Using an opcode cache, like the Alternative PHP Cache (APC) extension, can have a significant impact on the performance of any PHP application by caching the intermediate code that results from parsing PHP source code. Skipping this level of processing and reusing the optimised cache in subsequent requests saves on memory and improves execution times. It should be standard practice to get this installed unless you are stuck on a limited shared host.

Installing APC is a relatively simple process using pecl. Under Linux, use:

pecl install apc

Windows users can download a precompiled DLL from http://pecl4win.php.net.

The final step is adding the APC configuration to your php.ini file, or by creating a new apc.ini file for APC under the typical Ubuntu setup in /etc/php5/conf.d/apc.ini.

;APC
extension=apc.so
apc.shm_size = 50

The configuration you use can have additional effects on performance and I suggest reading the documentation at http://php.net/manual/en/apc.configuration.php. Pay particular attention to apc.shm_size, apc.slam_defense (or apc.write_lock), apc.stat and apc.include_once_override. You should ensure apc.shm_size is, at a minimum, set to a sufficient level to cache all the classes used by your application (and whatever else you're hosting!). Also bear in mind anything you're putting in there via Zend_Cache or the apc functions.

B.5.2. Realpath Cache

One of the more recent innovations entered into the php.ini file for configuration is a realpath cache that debuted with PHP 5.2.0. This was designed to cache the realpath values of relative paths used in include_once and require_once statements. In the bad old days, every time you called require_once with a relative path sparked a set of file operations to find the file being referred to. Now it's done once, and cached using the configured TTL for future lookups.

The relevant settings are realpath_cache_size and realpath_cache_ttl. The first sets the size of the cache and defaults to 16K. Obviously this is not a huge number and should be increased somewhat to cater to applications loading up lots of files. The TTL value depends on how often files location are changing. If rarely, consider increasing this value from the default of 120 seconds. I've pushed this up a lot more than a few minutes without ill effect, but I'd be wary of it when moving lots of files around.

B.6. General Zend Framework Optimisation

We've covered a lot of ground so far in general terms. The Zend Framework, as a target for optimisation, does have room for improvement. Being a backwards compatible framework, some optimisations are omitted in the current version to maintain backwards compatibility and support a minimum PHP version.

That doesn't mean we should walk away and do nothing!

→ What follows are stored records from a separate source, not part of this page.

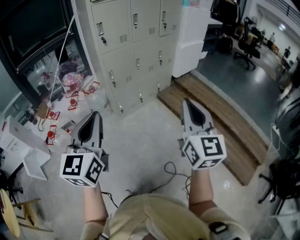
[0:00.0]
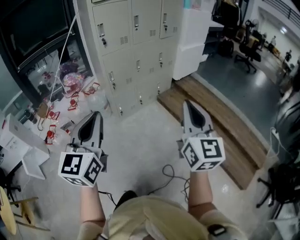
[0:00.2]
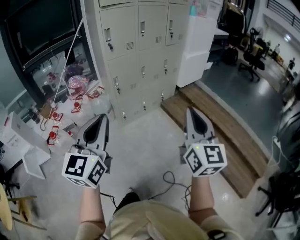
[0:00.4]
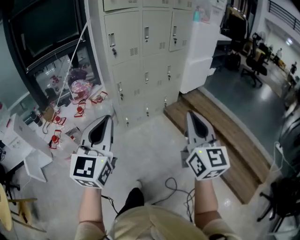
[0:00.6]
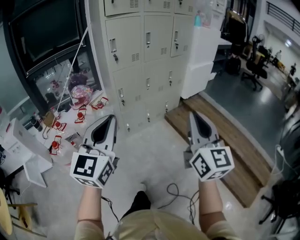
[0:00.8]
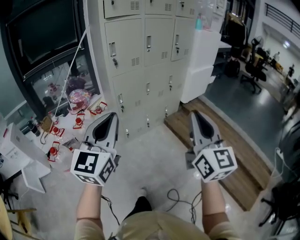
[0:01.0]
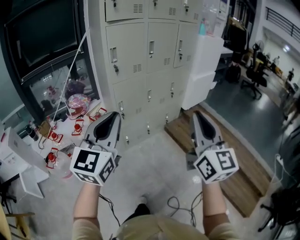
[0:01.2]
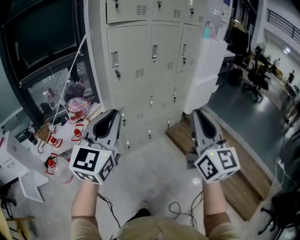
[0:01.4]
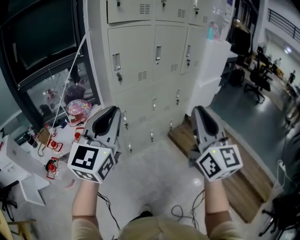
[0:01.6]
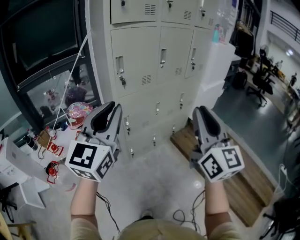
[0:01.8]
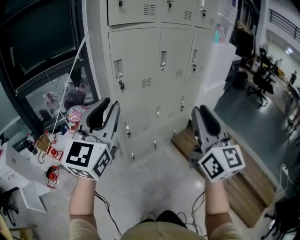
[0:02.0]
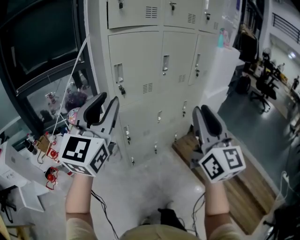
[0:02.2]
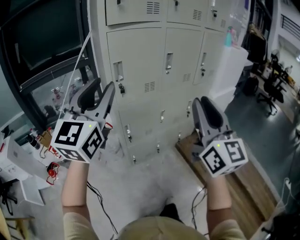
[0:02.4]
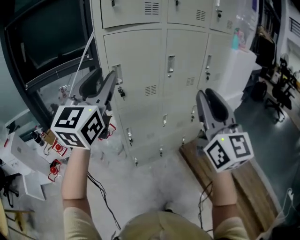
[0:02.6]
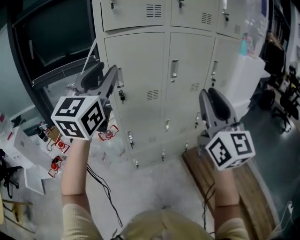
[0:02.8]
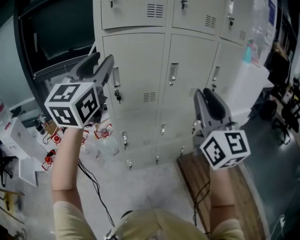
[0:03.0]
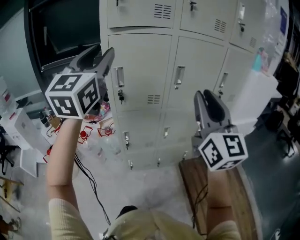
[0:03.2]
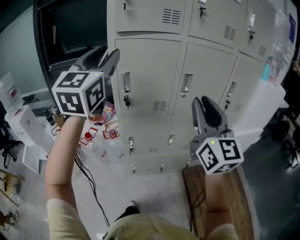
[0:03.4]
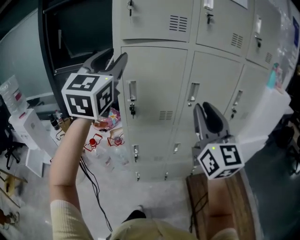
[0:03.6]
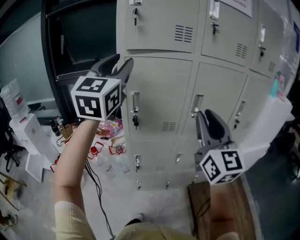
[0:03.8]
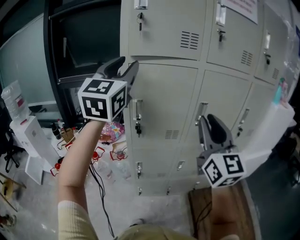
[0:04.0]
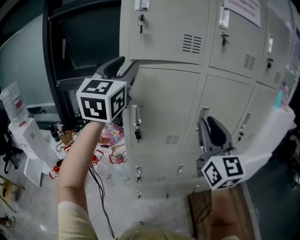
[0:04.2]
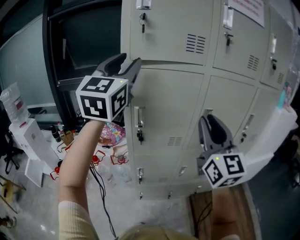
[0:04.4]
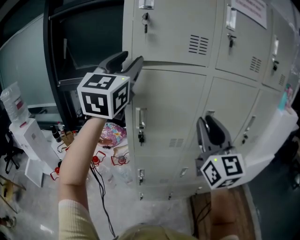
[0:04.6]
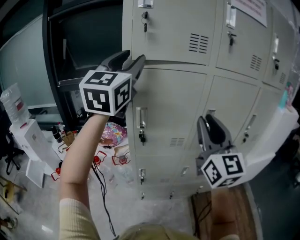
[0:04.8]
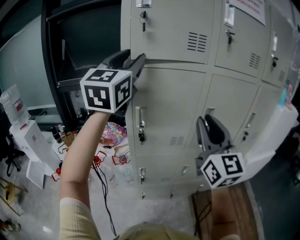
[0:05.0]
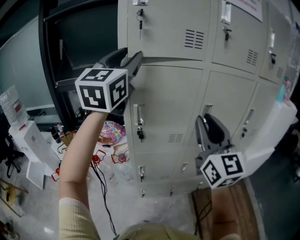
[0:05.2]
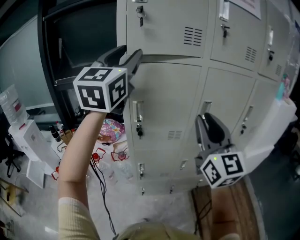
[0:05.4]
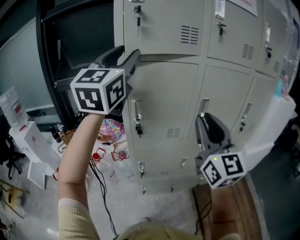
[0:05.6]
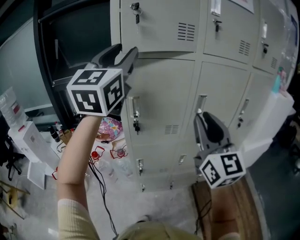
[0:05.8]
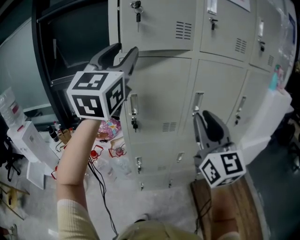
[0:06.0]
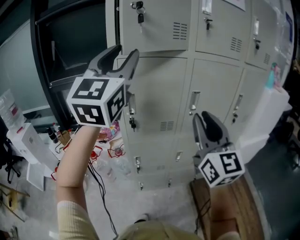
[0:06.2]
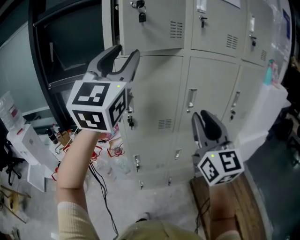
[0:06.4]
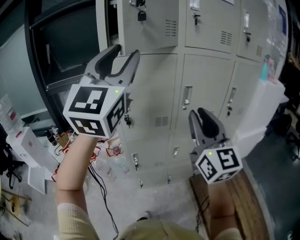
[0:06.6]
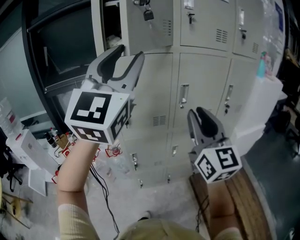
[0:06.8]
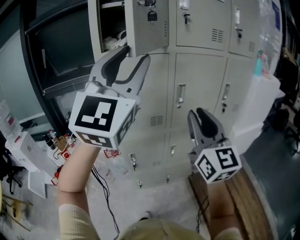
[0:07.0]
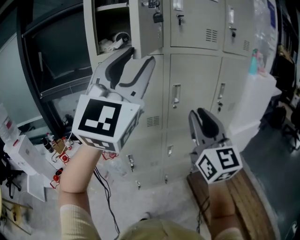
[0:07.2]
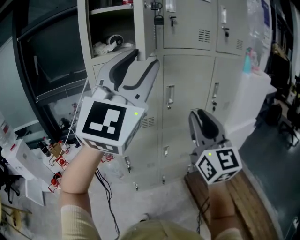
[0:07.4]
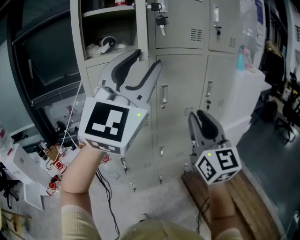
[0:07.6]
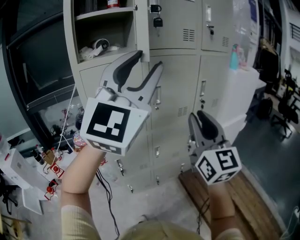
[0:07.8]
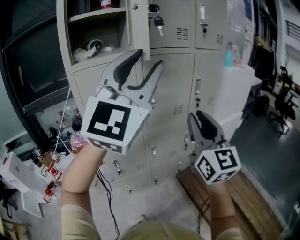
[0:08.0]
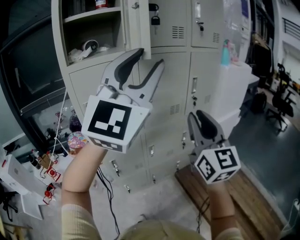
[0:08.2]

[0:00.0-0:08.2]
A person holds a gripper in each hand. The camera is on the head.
0:00.0 to 0:01.6: The grippers both shift forward by some 25 cm.
0:01.6 to 0:03.2: The right gripper is displaced forward by roughly 30 cm, and changes its angle by approximately 20 degrees, while the left gripper goes some 30 cm forward and upward, swivels approximately 30 degrees, and opens.
0:03.2 to 0:05.0: The right gripper shifts roughly 15 cm forward and to the left. The left gripper goes roughly 15 cm forward and upward.
0:05.0 to 0:06.6: The left gripper is displaced backward and to the right by about 15 cm, while the right gripper moves backward, roughly 10 cm.
0:06.6 to 0:08.2: The left gripper moves to the right, approximately 20 cm, and swivels about 20 degrees. The right gripper travels to the right by roughly 15 cm.

B.6.1. Class Loading Optimisation

Due to the way the Zend Framework is structured, the source code is littered with countless require_once statements. While this might not seem like a huge deal, given the size of the framework it usually results in having lots of unnecessary files being loaded up, parsed and readied for action - but they are never utilised.

Streamlining the number of classes being loaded may offer a modest benefit. This is achieved by making use of PHP's autoload capability which dynamically loads classes on demand (basically it's somewhat akin to lazy loading). Skipping the unnecessary classes from being included reduces PHP's workload.

With the Zend Framework, there is a slight complication in that the most commonly used autoload feature is provided by Zend_Loader. Zend_Loader has its own mysterious hidden agenda which requires that it performs independent file checks and other operations on all autoloads. These are, outside of any marginal edge cases, completely extraneous and pointless.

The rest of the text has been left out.